Dataset items

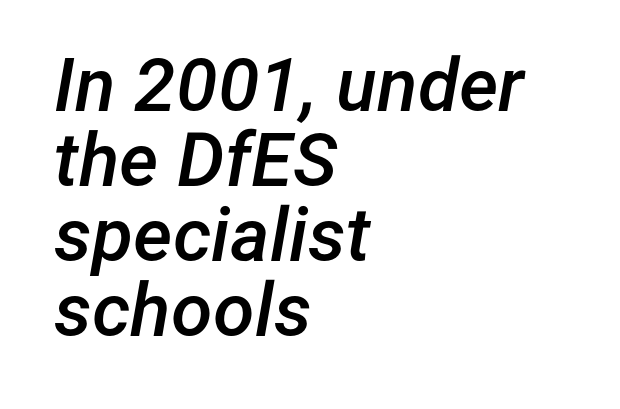
Compared with an ordinary text face, these strokes are moderately heavier — a semibold. Style check: oblique. Alignment: flush left. There is no visible air inserted between adjacent glyphs. Quick note: underline off.
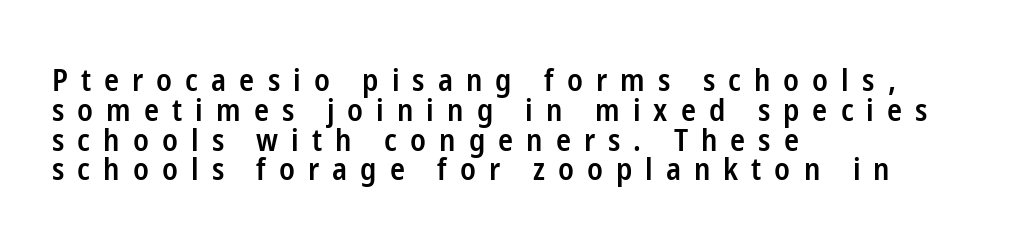
{"serif": "no", "italic": "no", "bold": "semi", "weight": "semibold", "width": "condensed", "stroke_contrast": "low", "x_height": "medium", "monospaced": "no", "underline": "no", "align": "left", "line_spacing": "tight", "line_spacing_ratio": 0.96, "letter_spacing": "wide", "letter_spacing_em": 0.42, "glyph_px": 31}
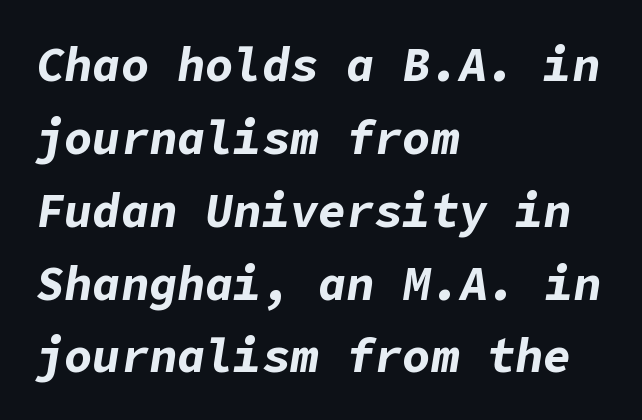
{"italic": "yes", "lean": "right", "slant_degrees": 9, "bold": "yes", "weight": "bold", "width": "normal", "stroke_contrast": "low", "x_height": "medium", "underline": "no", "align": "left", "line_spacing": "normal", "line_spacing_ratio": 1.55, "letter_spacing": "normal", "letter_spacing_em": 0.0, "glyph_px": 47}
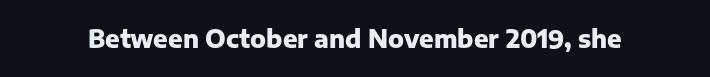
The image shows 24 px bold type, upright; set normal letter spacing, not underlined.
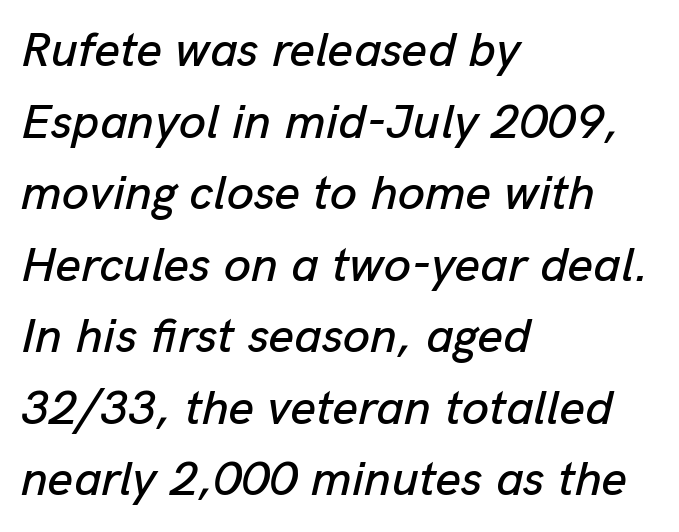
The image shows 49 px text type, italic (leaning right); set left-aligned, normal line spacing (1.46x), normal letter spacing, not underlined; low stroke contrast and a medium x-height.
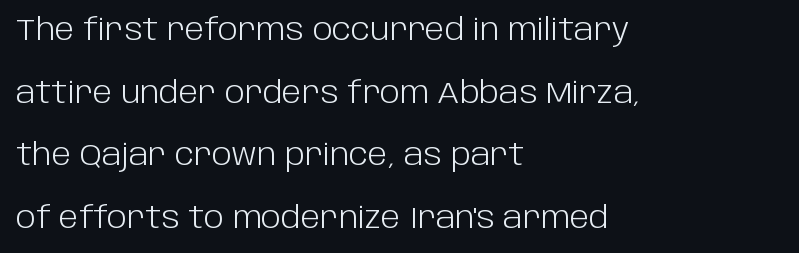
Q: Is the text bold? A: No.
Q: Is the text italic (slanted)? A: No, it is upright.
Q: Is the typeface a serif or a sans-serif typeface? A: Sans-serif.
Q: Is the text underlined? A: No.
Q: How is the paragraph aligned? A: Left-aligned.
Q: Is the spacing between letters normal or unusually wide? A: Normal.
Q: Is the spacing between lines tight, normal or loose? A: Loose.
Q: Width (condensed, normal, or wide)? A: Normal.
Q: Stroke contrast? A: Low.
Q: x-height? A: Large.
Q: Monospaced? A: No.
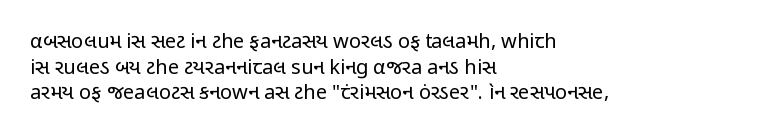
The image shows 20 px text type, upright; set left-aligned, normal line spacing (1.28x), normal letter spacing, not underlined.
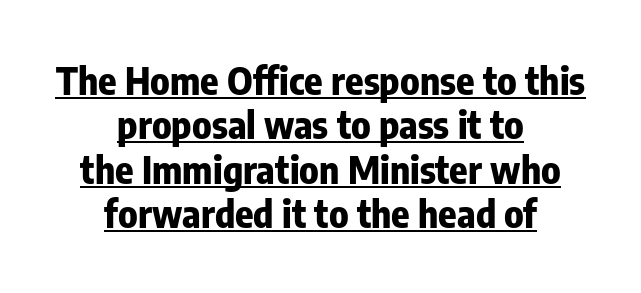
The image shows 38 px bold, condensed sans-serif type, upright; set centered, line spacing 1.17x, normal letter spacing, underlined; low stroke contrast and a medium x-height.
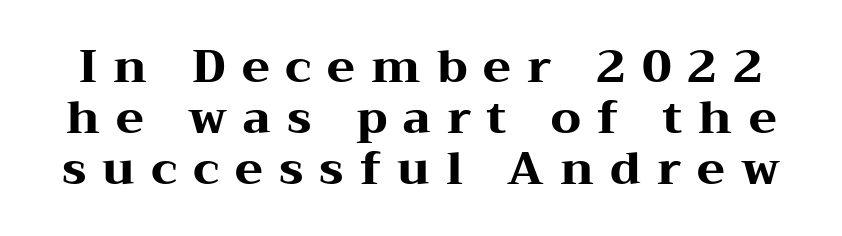
{"serif": "yes", "italic": "no", "bold": "yes", "weight": "heavy", "width": "wide", "stroke_contrast": "medium", "x_height": "medium", "monospaced": "no", "underline": "no", "line_spacing": "tight", "line_spacing_ratio": 1.11, "letter_spacing": "wide", "letter_spacing_em": 0.35, "glyph_px": 46}
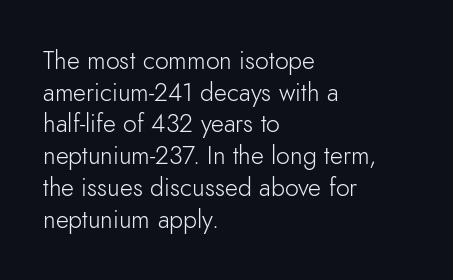
The image shows 25 px text type, upright; set left-aligned, normal line spacing (1.27x), normal letter spacing, not underlined.

• **TASK DIRECTIONS**: Take the entries above and copy out all lines with the string "sans".

• **ANSWER SPACE**:
Q: Is the typeface a serif or a sans-serif typeface? A: Sans-serif.
The image shows 38 px bold, condensed sans-serif type, upright; set centered, line spacing 1.17x, normal letter spacing, underlined; low stroke contrast and a medium x-height.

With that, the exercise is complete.